Machine learning program fixes 10 times as many open-source code errors as its predecessors

Amazing stuff.

MIT researchers have developed a machine-learning system that can comb through repairs to open-source computer programs and learn their general properties, in order to produce new repairs for a different set of programs.

The researchers tested their system on a set of programming errors, culled from real open-source applications, that had been compiled to evaluate automatic bug-repair systems. Where those earlier systems were able to repair one or two of the bugs, the MIT system repaired between 15 and 18, depending on whether it settled on the first solution it found or was allowed to run longer…

This is an article from a year ago about the same subject.


Even a partially self repairing program would be handy especially during development.

1 Like

If you’ve read this, can you answer - does a human or the machine decide what is a bug, or what is a repair, or what is the best repair? I.e. to what degree is this autonomous? To what degree does “fixing” mean meeting a goal and how is the goal specified? Etc!

I’m guessing humans are still involved around the edges, but curious as to where the edges are :smile:

1 Like

What I get from it is that these bugs show up during QA.

The researchers tested their system on a set of programming errors, culled from real open-source applications, that had been compiled to evaluate automatic bug-repair systems.

They’ve had a system before that just started to change code in the hope to fix the error. Like bruteforcing the problem. In this case, they use machine learning to actually learn from different languages what good code is.

Long and Rinard wrote a computer program that evaluated all the possible relationships between these characteristics in successive lines of code. More than 3,500 such relationships constitute their feature set. Their machine-learning algorithm then tried to determine what combination of features most consistently predicted the success of a patch.

This is the great thing with systems like Git. You can see all changes ever done. And let a machine learn from that.

1 Like

Interesting, but good test driven development practices should catch most obvious bugs and improve software design.

In my experience, TDD with good unit tests catches most implementation bugs, with further testing uncovering more subtle problems (such as different interpretations of requirements).

Maybe this sort of software could be used as a crutch to circumvent unit testing, but I suspect it would be less effective. No automated procedure is going to cover weaknesses in requirements or the interpretation of them either.

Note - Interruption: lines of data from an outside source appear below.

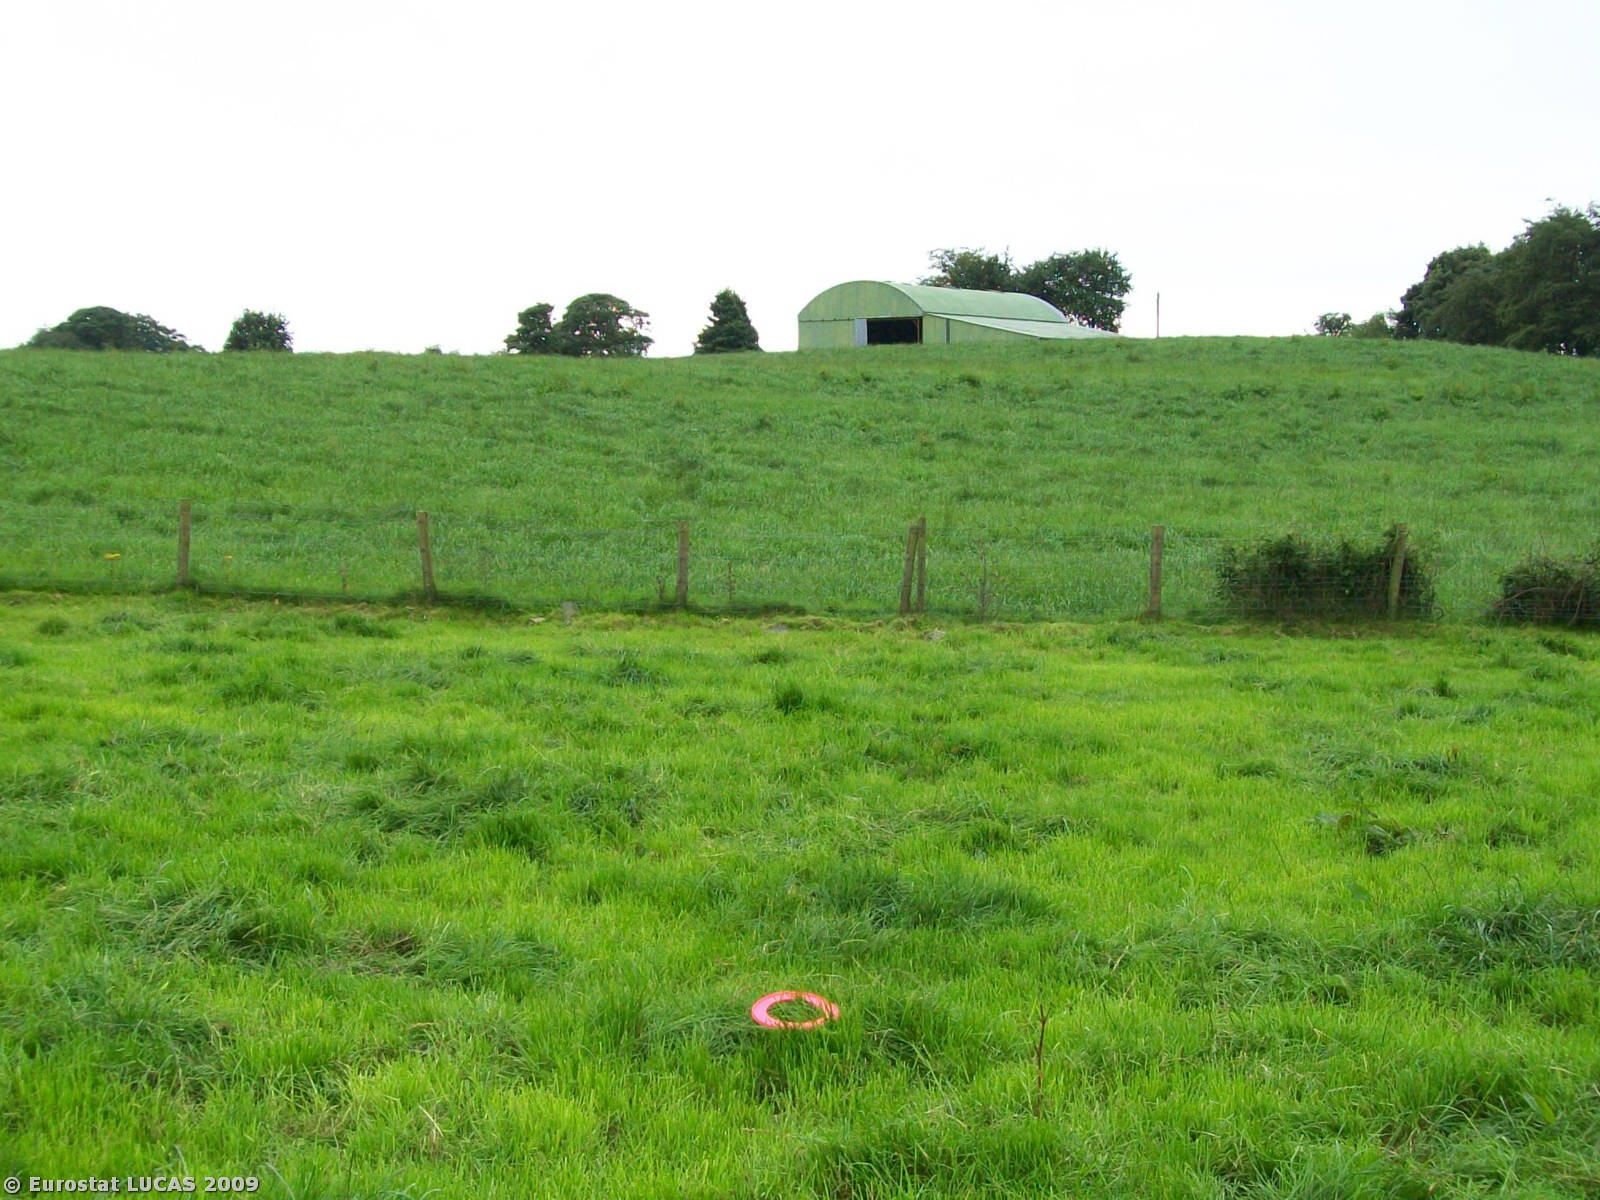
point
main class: Grassland
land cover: Grassland without tree/shrub cover
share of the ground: > 75 %
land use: Agriculture (excluding fallow land and kitchen gardens)
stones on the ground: 10 - 25 %
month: August
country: GB
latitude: 54.1712
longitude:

I know techniques like BDD hope to bridge the gap between requirements and implementation too. However, good programmers are great at interpreting and implementing requirements and good product people are good at defining and explaining requirements. A breakdown between these these elements of a team is not going to be fixed by any quantity of code analysis.

1 Like

Machine Learning is coming quite fast and hard. Experts say there was an “explosion” in 2012 where AI became better at watching pictures than we do as humans. Jeremy Howard is an AI-guy. He started a medical company and learned systems to diagnose images from MRI-scanners better than what we as humans can do. Same for detecting cancers in images. And remember, ML started at MIT in the 1950’s. It has been growing exponential for decades. IBM’s Watson is helping doctors with treating cancer already. I wouldn’t be surprised if these systems become smarter and smarter and will help you code a project as well. I agree that we still need the humans to create the big logic. But wouldn’t it be nice if the Dev’s from Maidsade did a QA, found 12 bugs that prevented the system from working, started a system like this at the end of a long day, and came back the next morning to see 9 of them patched?? They show with this research that things like that are possible.


There is a script in python that converts python 2.7 to 3.*

Is that not machine learning? lol.

Thanks @polpolrene

In that case I’m wondering if this could be an extension of compiler syntax checking, that after compiling runs code though QA/automated tests and presents the failure and delivers a fix that passes the tests.